▸ Activity
The first line of the entries is where the copy starts and the line with "#8430 = CARTESIAN_POINT('',(-2.007,-7.493,0.));" is where it ends; set down each line exactly, both ends included, and drop pictures.
== Data
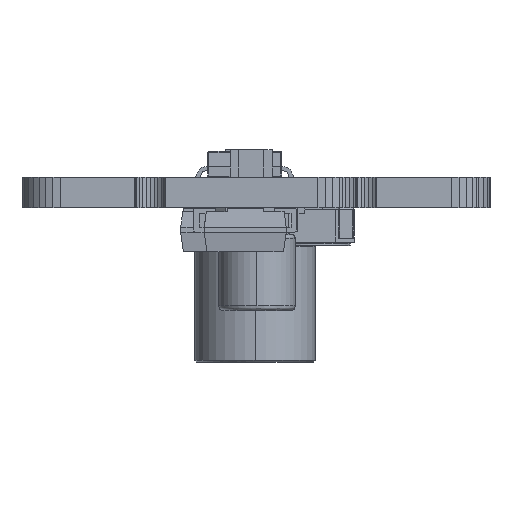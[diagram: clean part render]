
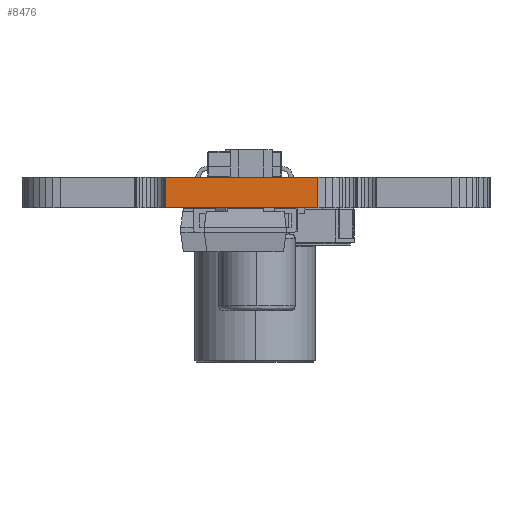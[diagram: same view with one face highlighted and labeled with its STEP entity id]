
A CAD part, left-side view. The second image highlights one B-rep face of the part: STEP entity #8476.
In plain terms, the highlighted planar face has unit normal (-1, 0, 0).
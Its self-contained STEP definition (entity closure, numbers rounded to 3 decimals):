
#99 = PLANE('',#100);
#100 = AXIS2_PLACEMENT_3D('',#101,#102,#103);
#101 = CARTESIAN_POINT('',(-2.009,-15.498,0.));
#102 = DIRECTION('',(0.997,0.078,0.));
#103 = DIRECTION('',(0.078,-0.997,0.));
#127 = PLANE('',#128);
#128 = AXIS2_PLACEMENT_3D('',#129,#130,#131);
#129 = CARTESIAN_POINT('',(-1.978,-15.893,1.6));
#130 = DIRECTION('',(0.,0.,-1.));
#131 = DIRECTION('',(-1.,0.,0.));
#181 = PLANE('',#182);
#182 = AXIS2_PLACEMENT_3D('',#183,#184,#185);
#183 = CARTESIAN_POINT('',(-1.978,-15.893,0.));
#184 = DIRECTION('',(0.,0.,-1.));
#185 = DIRECTION('',(-1.,0.,0.));
#8368 = PLANE('',#8369);
#8369 = AXIS2_PLACEMENT_3D('',#8370,#8371,#8372);
#8370 = CARTESIAN_POINT('',(-1.993,-7.5,0.));
#8371 = DIRECTION('',(-0.471,-0.882,0.));
#8372 = DIRECTION('',(-0.882,0.471,0.));
#8406 = VERTEX_POINT('',#8407);
#8407 = CARTESIAN_POINT('',(-2.007,-7.493,1.6));
#8428 = EDGE_CURVE('',#8429,#8406,#8431,.T.);
#8429 = VERTEX_POINT('',#8430);
#8430 = CARTESIAN_POINT('',(-2.007,-7.493,0.));
#8431 = SURFACE_CURVE('',#8432,(#8436,#8443),.PCURVE_S1.);
#8432 = LINE('',#8433,#8434);
#8433 = CARTESIAN_POINT('',(-2.007,-7.493,0.));
#8434 = VECTOR('',#8435,1.);
#8435 = DIRECTION('',(0.,0.,1.));
#8436 = PCURVE('',#8368,#8437);
#8437 = DEFINITIONAL_REPRESENTATION('',(#8438),#8442);
#8438 = LINE('',#8439,#8440);
#8439 = CARTESIAN_POINT('',(0.016,0.));
#8440 = VECTOR('',#8441,1.);
#8441 = DIRECTION('',(0.,-1.));
#8442 = ( GEOMETRIC_REPRESENTATION_CONTEXT(2) 
PARAMETRIC_REPRESENTATION_CONTEXT() REPRESENTATION_CONTEXT('2D SPACE',''
  ) );
#8443 = PCURVE('',#8444,#8449);
#8444 = PLANE('',#8445);
#8445 = AXIS2_PLACEMENT_3D('',#8446,#8447,#8448);
#8446 = CARTESIAN_POINT('',(-2.007,-7.493,0.));
#8447 = DIRECTION('',(1.,0.,0.));
#8448 = DIRECTION('',(0.,-1.,0.));
#8449 = DEFINITIONAL_REPRESENTATION('',(#8450),#8454);
#8450 = LINE('',#8451,#8452);
#8451 = CARTESIAN_POINT('',(0.,0.));
#8452 = VECTOR('',#8453,1.);
#8453 = DIRECTION('',(0.,-1.));
#8454 = ( GEOMETRIC_REPRESENTATION_CONTEXT(2) 
PARAMETRIC_REPRESENTATION_CONTEXT() REPRESENTATION_CONTEXT('2D SPACE',''
  ) );
#8476 = ADVANCED_FACE('',(#8477),#8444,.F.);
#8477 = FACE_BOUND('',#8478,.F.);
#8478 = EDGE_LOOP('',(#8479,#8480,#8503,#8526));
#8479 = ORIENTED_EDGE('',*,*,#8428,.T.);
#8480 = ORIENTED_EDGE('',*,*,#8481,.T.);
#8481 = EDGE_CURVE('',#8406,#8482,#8484,.T.);
#8482 = VERTEX_POINT('',#8483);
#8483 = CARTESIAN_POINT('',(-2.009,-15.498,1.6));
#8484 = SURFACE_CURVE('',#8485,(#8489,#8496),.PCURVE_S1.);
#8485 = LINE('',#8486,#8487);
#8486 = CARTESIAN_POINT('',(-2.007,-7.493,1.6));
#8487 = VECTOR('',#8488,1.);
#8488 = DIRECTION('',(0.,-1.,0.));
#8489 = PCURVE('',#8444,#8490);
#8490 = DEFINITIONAL_REPRESENTATION('',(#8491),#8495);
#8491 = LINE('',#8492,#8493);
#8492 = CARTESIAN_POINT('',(0.,-1.6));
#8493 = VECTOR('',#8494,1.);
#8494 = DIRECTION('',(1.,0.));
#8495 = ( GEOMETRIC_REPRESENTATION_CONTEXT(2) 
PARAMETRIC_REPRESENTATION_CONTEXT() REPRESENTATION_CONTEXT('2D SPACE',''
  ) );
#8496 = PCURVE('',#127,#8497);
#8497 = DEFINITIONAL_REPRESENTATION('',(#8498),#8502);
#8498 = LINE('',#8499,#8500);
#8499 = CARTESIAN_POINT('',(0.029,8.401));
#8500 = VECTOR('',#8501,1.);
#8501 = DIRECTION('',(0.,-1.));
#8502 = ( GEOMETRIC_REPRESENTATION_CONTEXT(2) 
PARAMETRIC_REPRESENTATION_CONTEXT() REPRESENTATION_CONTEXT('2D SPACE',''
  ) );
#8503 = ORIENTED_EDGE('',*,*,#8504,.F.);
#8504 = EDGE_CURVE('',#8505,#8482,#8507,.T.);
#8505 = VERTEX_POINT('',#8506);
#8506 = CARTESIAN_POINT('',(-2.009,-15.498,0.));
#8507 = SURFACE_CURVE('',#8508,(#8512,#8519),.PCURVE_S1.);
#8508 = LINE('',#8509,#8510);
#8509 = CARTESIAN_POINT('',(-2.009,-15.498,0.));
#8510 = VECTOR('',#8511,1.);
#8511 = DIRECTION('',(0.,0.,1.));
#8512 = PCURVE('',#8444,#8513);
#8513 = DEFINITIONAL_REPRESENTATION('',(#8514),#8518);
#8514 = LINE('',#8515,#8516);
#8515 = CARTESIAN_POINT('',(8.005,0.));
#8516 = VECTOR('',#8517,1.);
#8517 = DIRECTION('',(0.,-1.));
#8518 = ( GEOMETRIC_REPRESENTATION_CONTEXT(2) 
PARAMETRIC_REPRESENTATION_CONTEXT() REPRESENTATION_CONTEXT('2D SPACE',''
  ) );
#8519 = PCURVE('',#99,#8520);
#8520 = DEFINITIONAL_REPRESENTATION('',(#8521),#8525);
#8521 = LINE('',#8522,#8523);
#8522 = CARTESIAN_POINT('',(0.,0.));
#8523 = VECTOR('',#8524,1.);
#8524 = DIRECTION('',(0.,-1.));
#8525 = ( GEOMETRIC_REPRESENTATION_CONTEXT(2) 
PARAMETRIC_REPRESENTATION_CONTEXT() REPRESENTATION_CONTEXT('2D SPACE',''
  ) );
#8526 = ORIENTED_EDGE('',*,*,#8527,.F.);
#8527 = EDGE_CURVE('',#8429,#8505,#8528,.T.);
#8528 = SURFACE_CURVE('',#8529,(#8533,#8540),.PCURVE_S1.);
#8529 = LINE('',#8530,#8531);
#8530 = CARTESIAN_POINT('',(-2.007,-7.493,0.));
#8531 = VECTOR('',#8532,1.);
#8532 = DIRECTION('',(0.,-1.,0.));
#8533 = PCURVE('',#8444,#8534);
#8534 = DEFINITIONAL_REPRESENTATION('',(#8535),#8539);
#8535 = LINE('',#8536,#8537);
#8536 = CARTESIAN_POINT('',(0.,0.));
#8537 = VECTOR('',#8538,1.);
#8538 = DIRECTION('',(1.,0.));
#8539 = ( GEOMETRIC_REPRESENTATION_CONTEXT(2) 
PARAMETRIC_REPRESENTATION_CONTEXT() REPRESENTATION_CONTEXT('2D SPACE',''
  ) );
#8540 = PCURVE('',#181,#8541);
#8541 = DEFINITIONAL_REPRESENTATION('',(#8542),#8546);
#8542 = LINE('',#8543,#8544);
#8543 = CARTESIAN_POINT('',(0.029,8.401));
#8544 = VECTOR('',#8545,1.);
#8545 = DIRECTION('',(0.,-1.));
#8546 = ( GEOMETRIC_REPRESENTATION_CONTEXT(2) 
PARAMETRIC_REPRESENTATION_CONTEXT() REPRESENTATION_CONTEXT('2D SPACE',''
  ) );
====
▸ Output below
[diagram: clean part render]
[diagram: same view with one face highlighted and labeled with its STEP entity id]
A CAD part, left-side view. The second image highlights one B-rep face of the part: STEP entity #8476.
In plain terms, the highlighted planar face has unit normal (-1, 0, 0).
Its self-contained STEP definition (entity closure, numbers rounded to 3 decimals):
#99 = PLANE('',#100);
#100 = AXIS2_PLACEMENT_3D('',#101,#102,#103);
#101 = CARTESIAN_POINT('',(-2.009,-15.498,0.));
#102 = DIRECTION('',(0.997,0.078,0.));
#103 = DIRECTION('',(0.078,-0.997,0.));
#127 = PLANE('',#128);
#128 = AXIS2_PLACEMENT_3D('',#129,#130,#131);
#129 = CARTESIAN_POINT('',(-1.978,-15.893,1.6));
#130 = DIRECTION('',(0.,0.,-1.));
#131 = DIRECTION('',(-1.,0.,0.));
#181 = PLANE('',#182);
#182 = AXIS2_PLACEMENT_3D('',#183,#184,#185);
#183 = CARTESIAN_POINT('',(-1.978,-15.893,0.));
#184 = DIRECTION('',(0.,0.,-1.));
#185 = DIRECTION('',(-1.,0.,0.));
#8368 = PLANE('',#8369);
#8369 = AXIS2_PLACEMENT_3D('',#8370,#8371,#8372);
#8370 = CARTESIAN_POINT('',(-1.993,-7.5,0.));
#8371 = DIRECTION('',(-0.471,-0.882,0.));
#8372 = DIRECTION('',(-0.882,0.471,0.));
#8406 = VERTEX_POINT('',#8407);
#8407 = CARTESIAN_POINT('',(-2.007,-7.493,1.6));
#8428 = EDGE_CURVE('',#8429,#8406,#8431,.T.);
#8429 = VERTEX_POINT('',#8430);
#8430 = CARTESIAN_POINT('',(-2.007,-7.493,0.));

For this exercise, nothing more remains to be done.